= Supplied entries =
════
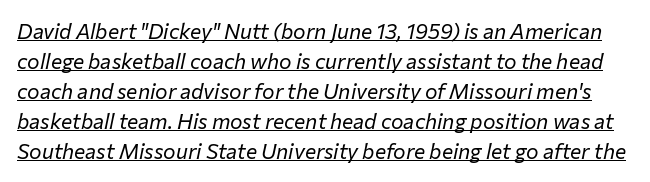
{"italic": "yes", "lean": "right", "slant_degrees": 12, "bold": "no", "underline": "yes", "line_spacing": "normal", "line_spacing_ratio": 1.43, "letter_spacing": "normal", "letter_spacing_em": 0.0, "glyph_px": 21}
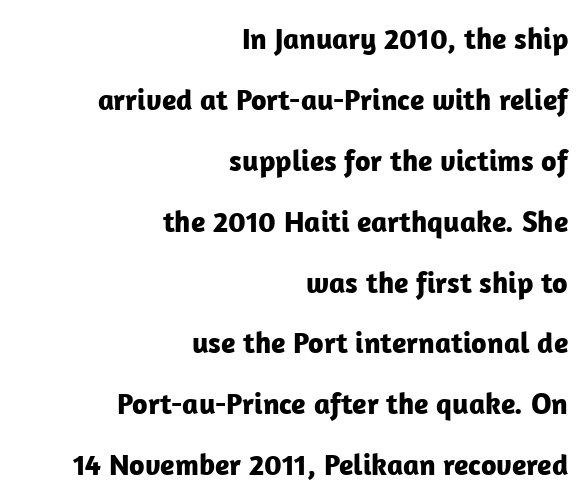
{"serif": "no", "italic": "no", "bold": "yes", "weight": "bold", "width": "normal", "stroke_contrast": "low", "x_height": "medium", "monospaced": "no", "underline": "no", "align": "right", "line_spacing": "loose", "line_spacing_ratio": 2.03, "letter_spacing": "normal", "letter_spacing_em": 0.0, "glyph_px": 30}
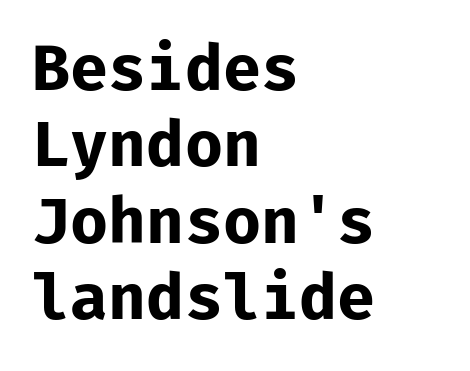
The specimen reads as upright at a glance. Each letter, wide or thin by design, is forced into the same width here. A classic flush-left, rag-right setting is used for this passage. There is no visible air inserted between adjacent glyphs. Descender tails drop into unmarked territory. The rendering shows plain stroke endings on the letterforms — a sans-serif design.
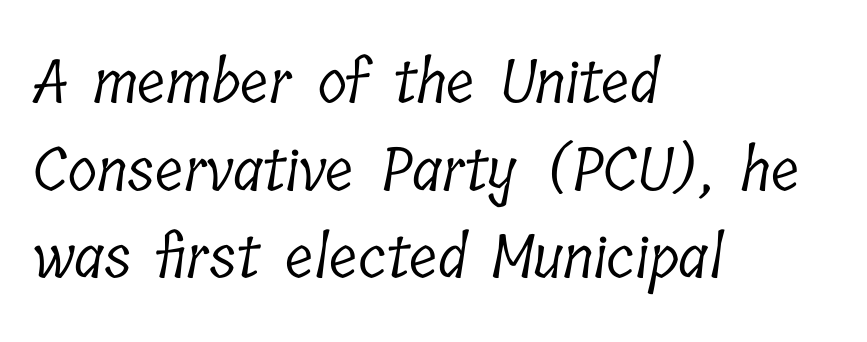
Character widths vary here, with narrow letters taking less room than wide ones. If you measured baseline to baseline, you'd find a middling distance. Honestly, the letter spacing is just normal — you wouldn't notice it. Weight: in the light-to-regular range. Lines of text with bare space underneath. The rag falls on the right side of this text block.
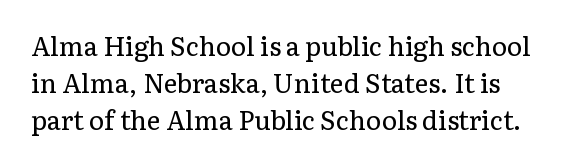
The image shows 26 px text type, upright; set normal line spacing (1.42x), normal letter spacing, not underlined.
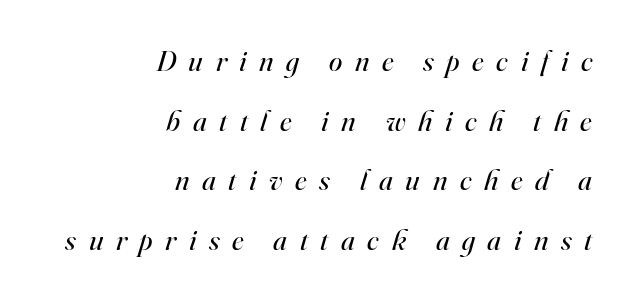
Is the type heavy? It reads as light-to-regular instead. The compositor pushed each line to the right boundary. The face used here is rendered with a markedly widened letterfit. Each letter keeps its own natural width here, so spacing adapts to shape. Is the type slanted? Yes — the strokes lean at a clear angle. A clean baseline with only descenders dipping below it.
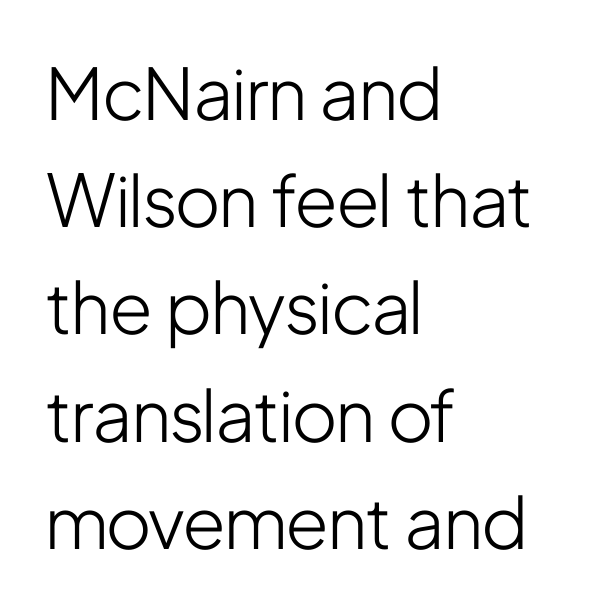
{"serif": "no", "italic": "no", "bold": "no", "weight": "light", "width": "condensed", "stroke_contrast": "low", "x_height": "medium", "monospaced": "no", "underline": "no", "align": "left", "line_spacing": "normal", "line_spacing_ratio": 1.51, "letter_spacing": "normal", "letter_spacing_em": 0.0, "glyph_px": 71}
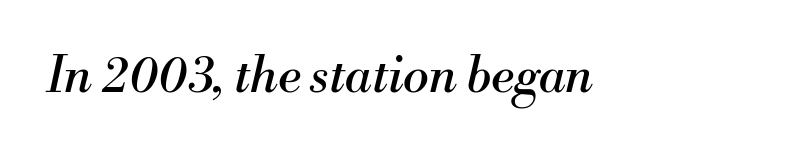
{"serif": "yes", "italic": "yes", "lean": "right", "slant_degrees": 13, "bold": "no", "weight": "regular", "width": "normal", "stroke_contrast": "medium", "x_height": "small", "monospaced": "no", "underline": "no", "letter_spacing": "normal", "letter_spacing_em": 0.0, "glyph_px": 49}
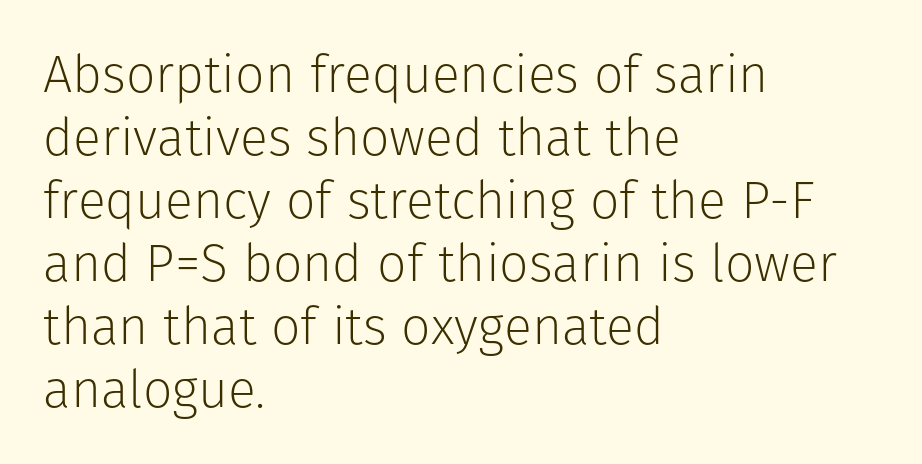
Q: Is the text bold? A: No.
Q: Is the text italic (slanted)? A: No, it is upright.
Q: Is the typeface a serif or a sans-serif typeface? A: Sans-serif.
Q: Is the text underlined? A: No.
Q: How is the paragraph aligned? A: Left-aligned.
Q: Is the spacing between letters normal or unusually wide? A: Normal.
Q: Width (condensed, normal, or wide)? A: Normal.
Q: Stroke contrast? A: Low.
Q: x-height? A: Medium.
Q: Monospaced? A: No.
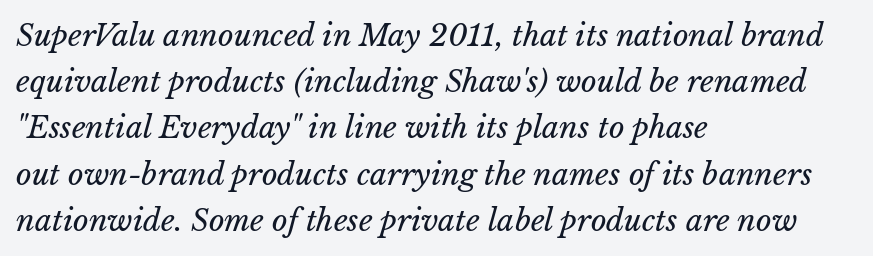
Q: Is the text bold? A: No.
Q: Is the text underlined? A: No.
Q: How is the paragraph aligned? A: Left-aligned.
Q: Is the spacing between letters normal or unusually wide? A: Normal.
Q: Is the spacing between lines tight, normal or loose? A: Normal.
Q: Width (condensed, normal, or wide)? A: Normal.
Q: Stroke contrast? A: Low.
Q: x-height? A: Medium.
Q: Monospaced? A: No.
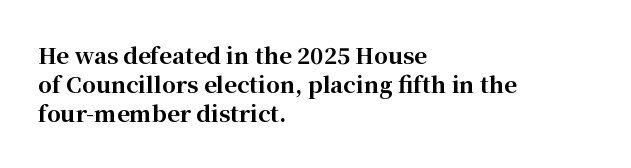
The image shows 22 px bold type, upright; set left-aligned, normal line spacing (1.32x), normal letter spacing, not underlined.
════
= Problem =
For the word "underlined", tally the lines of the entries in which it appears and give the total alone.

= Written answer =
4